Digitel is a mobile phone company in Venezuela, and the country's first to deploy a GSM network and to establish a per second charging scheme. Early in 2007, Digitel surpassed 3 million subscribers and is currently placed third, behind CANTV's Movilnet and Telefonica's Movistar.

Digitel's growth has remained steady. Digitel currently provides wireless data transmission capabilities through its GSM–GPRS and high speed EDGE network. In 2007 Digitel deployed an UMTS network on its existing 900 MHz spectrum..

In 2000, after receiving government approval, Digitel sold 56.56% of its stocks to Telecom Italia Mobile, changing its name to Digitel TIM.

Digitel's network originally only covered Venezuela's central region, reaching around 44% of the entire population; however, in January 2006, a request to the government to approve merger with Venezuela's two other GSM networks (Digicel and Infonet) to achieve full national coverage, and in May 2006 the company was acquired entirely by the Televenco group together with the two other operators, after which the company's name changed to its current: Digitel GSM.
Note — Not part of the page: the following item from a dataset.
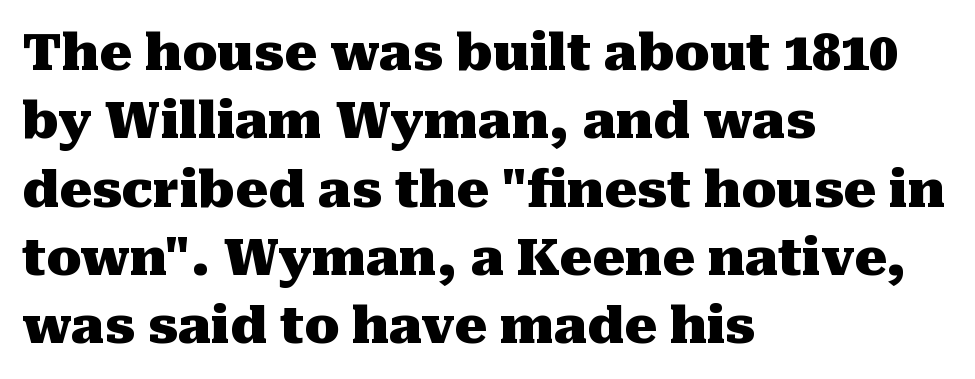
{"serif": "yes", "italic": "no", "bold": "yes", "weight": "heavy", "width": "normal", "stroke_contrast": "medium", "x_height": "medium", "monospaced": "no", "underline": "no", "align": "left", "line_spacing": "normal", "line_spacing_ratio": 1.34, "letter_spacing": "normal", "letter_spacing_em": 0.0, "glyph_px": 51}

The company began a network expansion program in July 2006, and by the end of the year more than 1,070 radio bases had been installed, 7 switches in Caracas, Valencia, Puerto La Cruz and Maracaibo, stretching its GPRS/EDGE network in the West of the country and offering communication, data, information and entertainment to all its customers.

Early in 2010, Digitel got its 3G/WCDMA (HSDPA, HSUPA, GSM/WCDMA) network working all over the country, becoming the fastest provider despite its slow growth.

Lately in 2013, Digitel got its 4G/LTE (LTE network working in mayor cities such as Caracas, Maracay, Valencia among others, becoming this way the first operator in Venezuela offering LTE capabilities. The phones sold with 4G uSIM were BlackBerry Z10 and Huawei Ascend P1 LTE, both supporting 1800Mhz network.